MATERIAL SHOWN:
※ ※ ※
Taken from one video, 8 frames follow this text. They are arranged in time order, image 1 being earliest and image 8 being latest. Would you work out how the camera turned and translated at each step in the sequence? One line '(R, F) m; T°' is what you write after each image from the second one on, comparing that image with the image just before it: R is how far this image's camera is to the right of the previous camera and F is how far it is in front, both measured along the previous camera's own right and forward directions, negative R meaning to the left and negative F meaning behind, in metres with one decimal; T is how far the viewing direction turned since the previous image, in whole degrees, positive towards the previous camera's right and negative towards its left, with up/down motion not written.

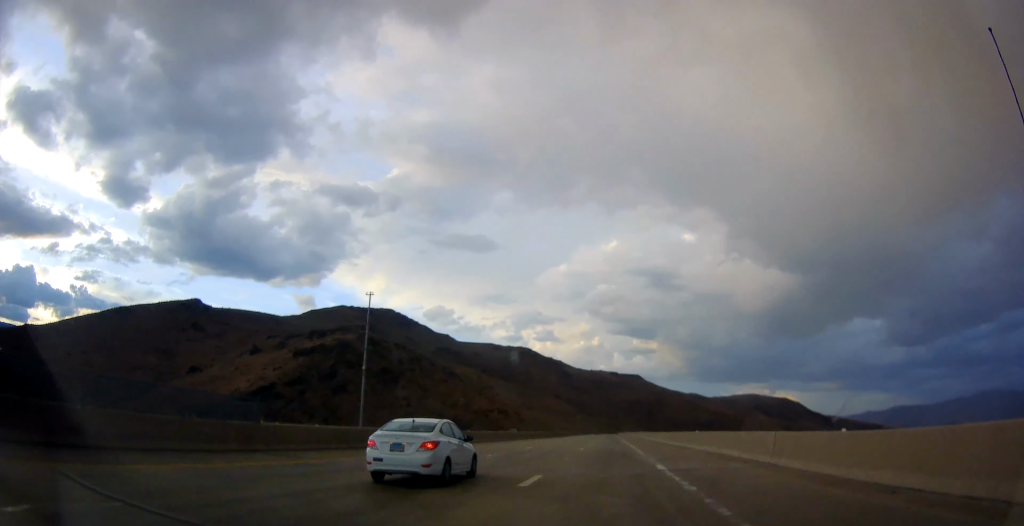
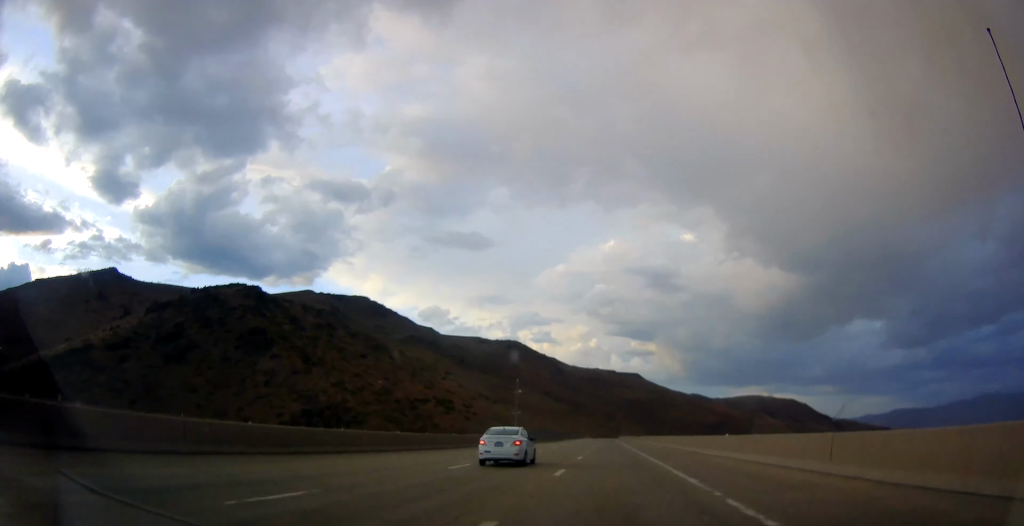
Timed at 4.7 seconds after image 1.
(-4.5, +153.5) m; -2°
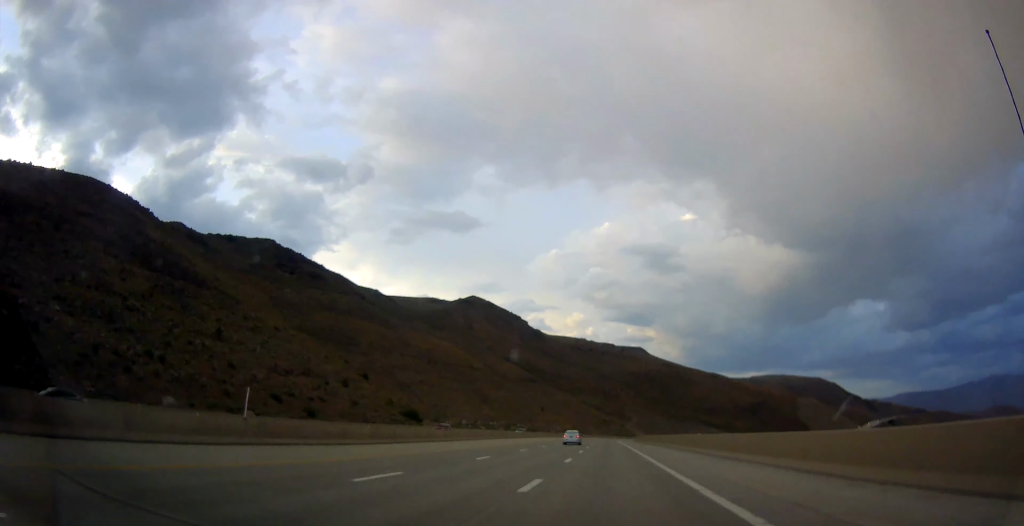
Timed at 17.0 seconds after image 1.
(+5.0, +406.3) m; +5°
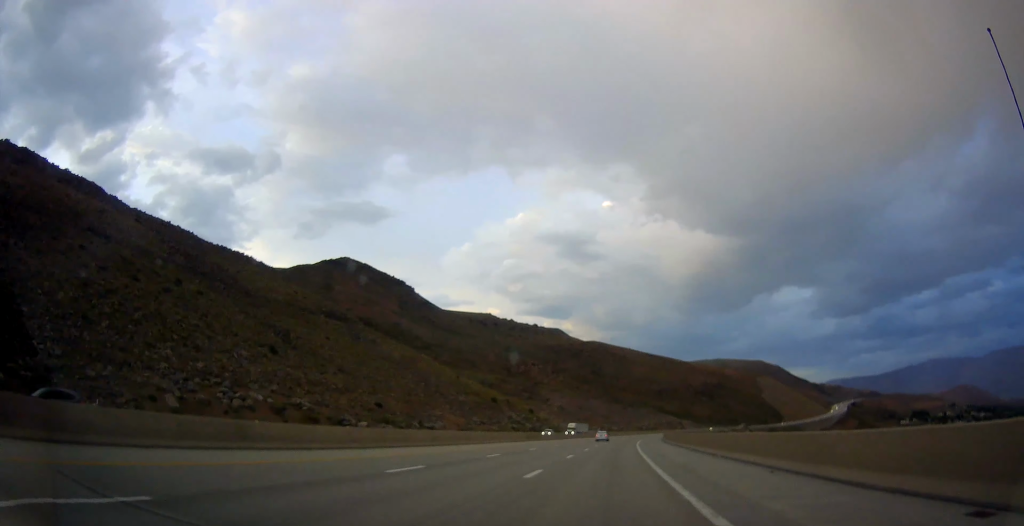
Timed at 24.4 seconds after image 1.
(+13.5, +240.5) m; +9°
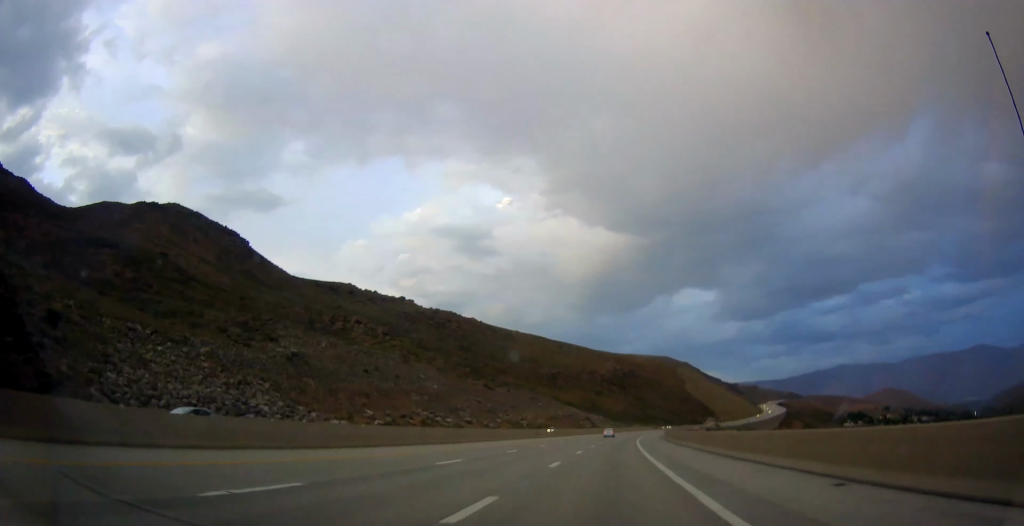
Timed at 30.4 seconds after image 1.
(+13.6, +196.7) m; +9°
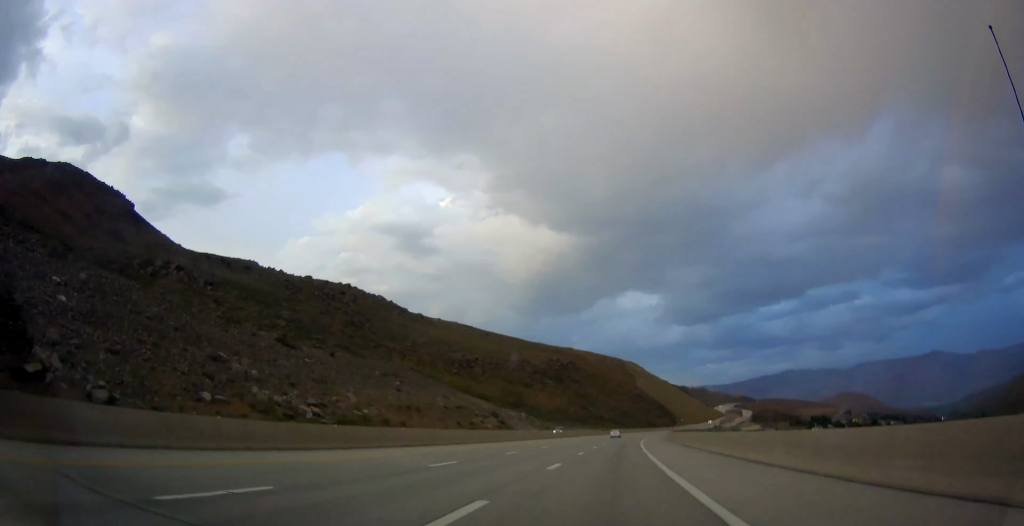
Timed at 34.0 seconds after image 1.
(+7.6, +121.4) m; +6°
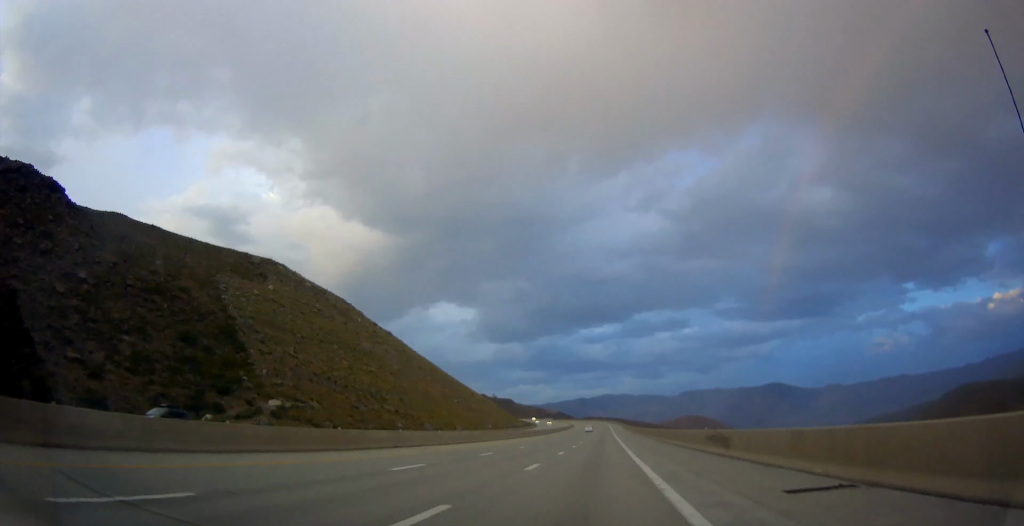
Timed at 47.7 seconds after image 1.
(+66.0, +444.3) m; +10°
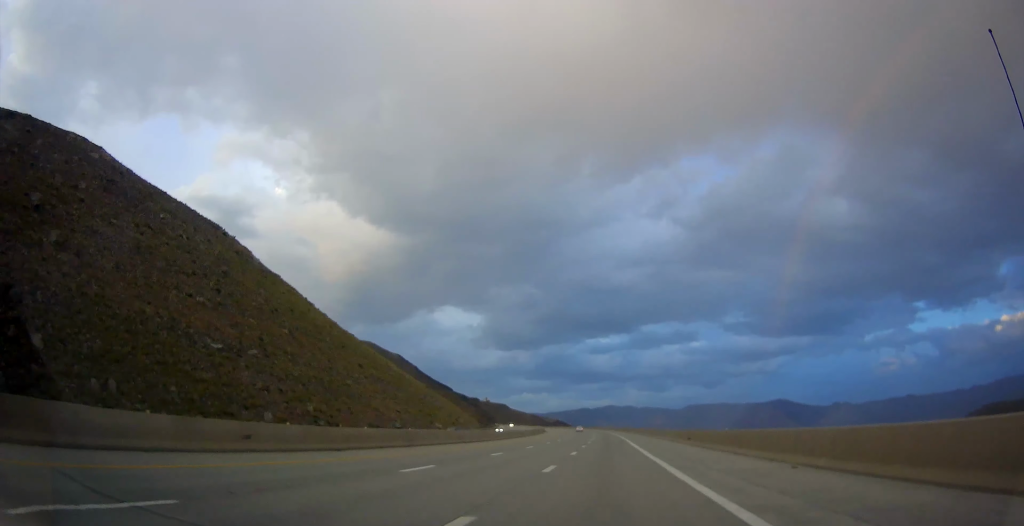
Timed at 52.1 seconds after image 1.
(+4.8, +141.1) m; -1°
※ ※ ※
ASSIGNMENT: The full set of entries should be transcribed exactly, pictures left aside.

EXERCISE RESULT:
Taken from one video, 8 frames follow this text. They are arranged in time order, image 1 being earliest and image 8 being latest. Would you work out how the camera turned and translated at each step in the sequence? One line '(R, F) m; T°' is what you write after each image from the second one on, comparing that image with the image just before it: R is how far this image's camera is to the right of the previous camera and F is how far it is in front, both measured along the previous camera's own right and forward directions, negative R meaning to the left and negative F meaning behind, in metres with one decimal; T is how far the viewing direction turned since the previous image, in whole degrees, positive towards the previous camera's right and negative towards its left, with up/down motion not written.

Timed at 4.7 seconds after image 1.
(-4.5, +153.5) m; -2°
Timed at 17.0 seconds after image 1.
(+5.0, +406.3) m; +5°
Timed at 24.4 seconds after image 1.
(+13.5, +240.5) m; +9°
Timed at 30.4 seconds after image 1.
(+13.6, +196.7) m; +9°
Timed at 34.0 seconds after image 1.
(+7.6, +121.4) m; +6°
Timed at 47.7 seconds after image 1.
(+66.0, +444.3) m; +10°
Timed at 52.1 seconds after image 1.
(+4.8, +141.1) m; -1°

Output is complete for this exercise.